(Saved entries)
────────────────────
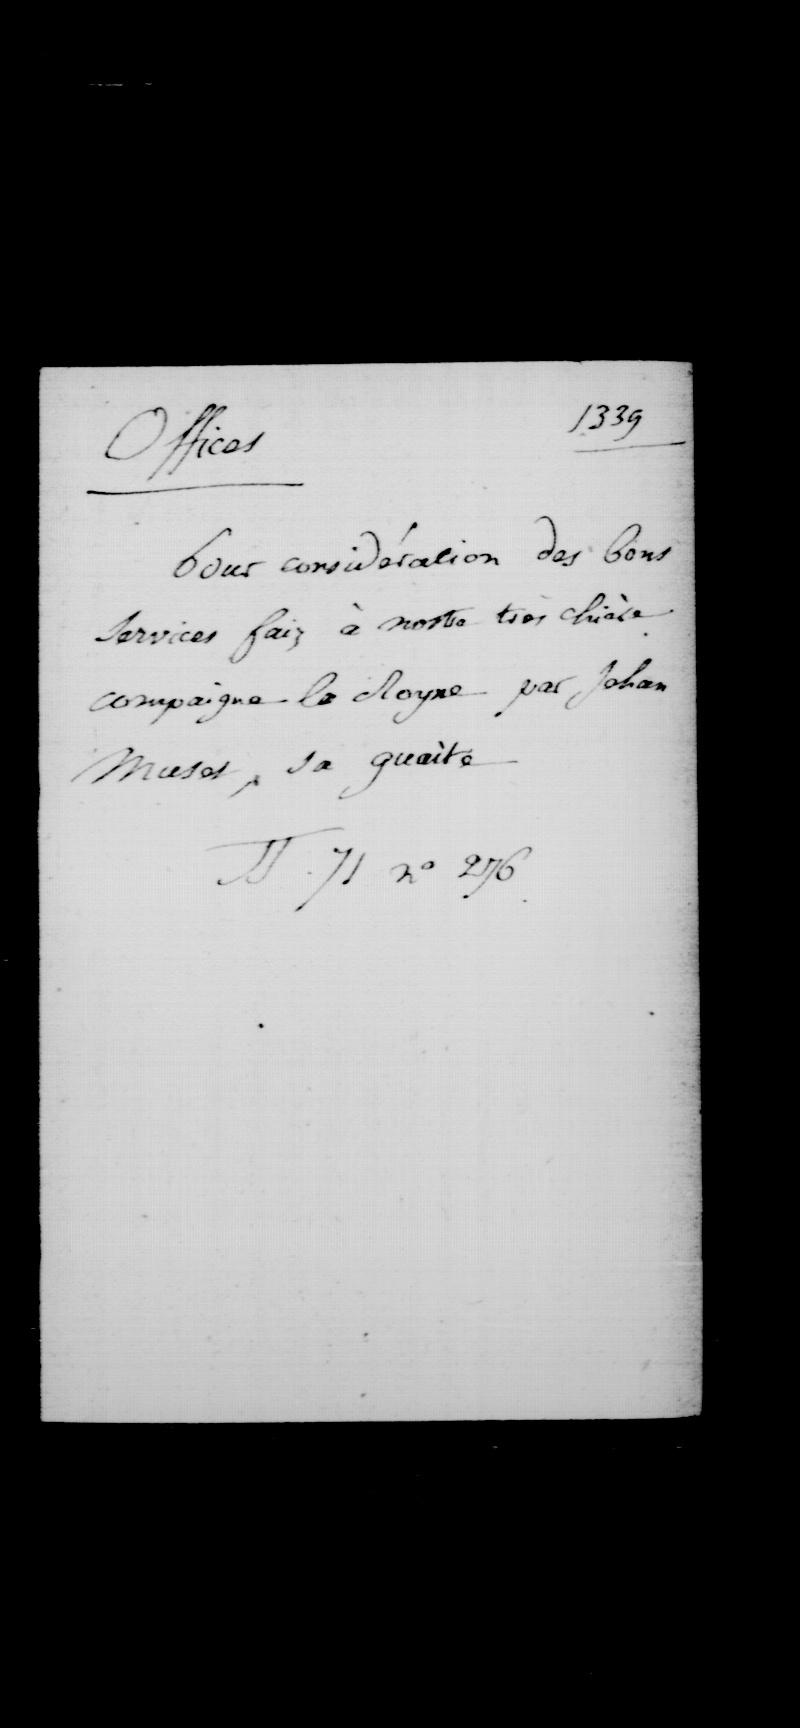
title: Offices
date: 1339
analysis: Pour considération des bons services faiz à nostre très chière compaigne la Royne par Jehan Muset, sa guaite
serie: JJ
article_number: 71
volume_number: n° 276
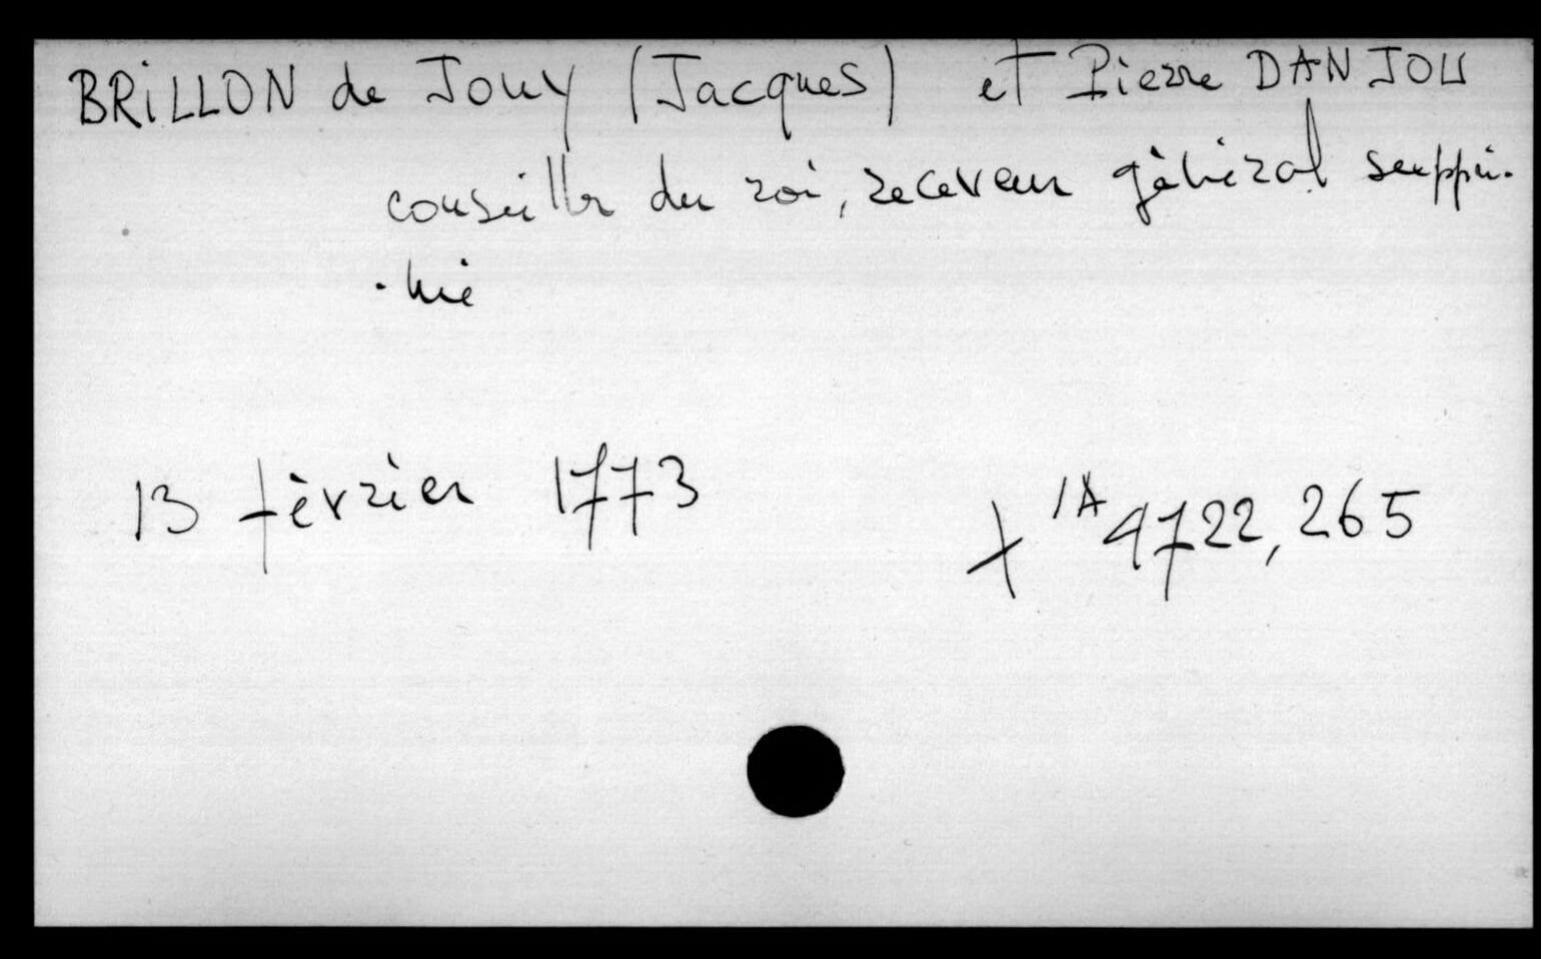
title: BRILLON de Jouy (Jacques) et Pierre DANJOU, conseiller du roi, receveur général ?
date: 13 février 1773
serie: X1A
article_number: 4722
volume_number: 265
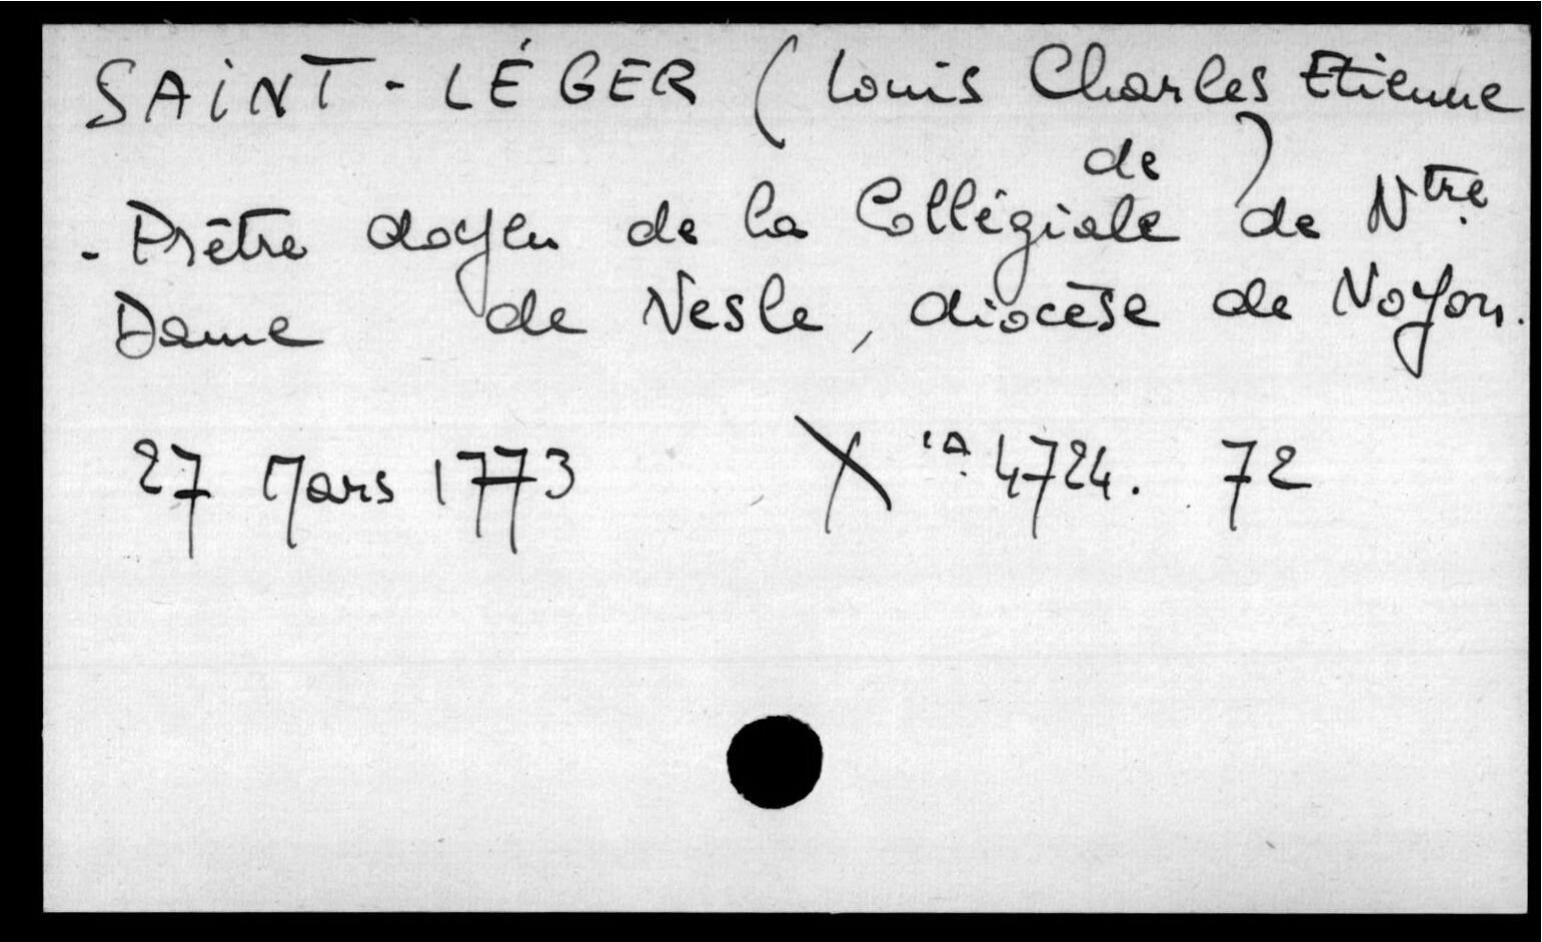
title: SAINT-LÉGER (Louis Charles Étienne de) Prêtre doyen de la Collégiale de Notre-Dame de Nesle, diocèse de Noyon.
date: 27 mars 1773
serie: X1a
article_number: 4724
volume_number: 72
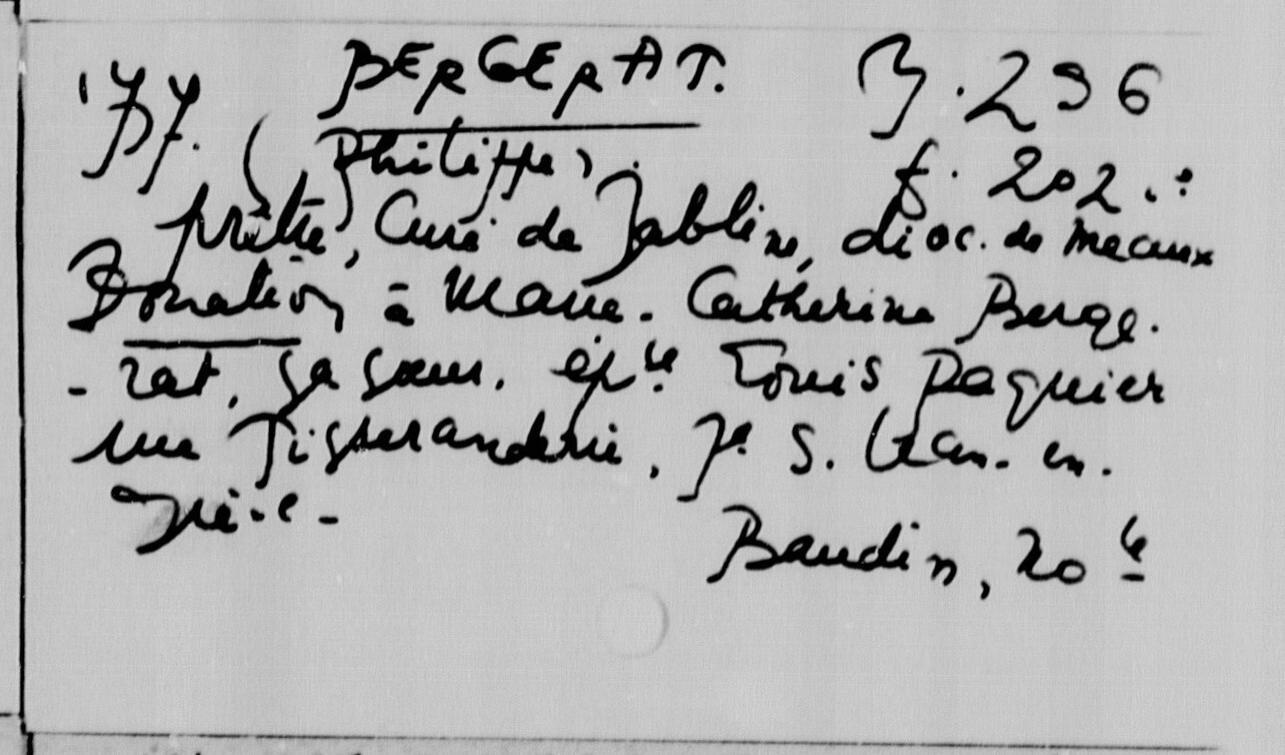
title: BERGERAT (Philippe)
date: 1707
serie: Y
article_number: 296
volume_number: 202v
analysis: prêtre, curé de Jabline, diocèse de Meaux Donation à Marie-Catherine Bergerat, sa sœur, épouse Louis Pasquier, rue Tisseranderie, paroisse Saint-Jean-en-Grève. Baudin, notaire.
────────────────────
* **About this exercise**
With the pictures omitted, set down each line exactly, starting at the first line of the records above and ending with the line that contains "article_number: 296".

* **Exercise response**
title: Offices
date: 1339
analysis: Pour considération des bons services faiz à nostre très chière compaigne la Royne par Jehan Muset, sa guaite
serie: JJ
article_number: 71
volume_number: n° 276
title: BRILLON de Jouy (Jacques) et Pierre DANJOU, conseiller du roi, receveur général ?
date: 13 février 1773
serie: X1A
article_number: 4722
volume_number: 265
title: SAINT-LÉGER (Louis Charles Étienne de) Prêtre doyen de la Collégiale de Notre-Dame de Nesle, diocèse de Noyon.
date: 27 mars 1773
serie: X1a
article_number: 4724
volume_number: 72
title: BERGERAT (Philippe)
date: 1707
serie: Y
article_number: 296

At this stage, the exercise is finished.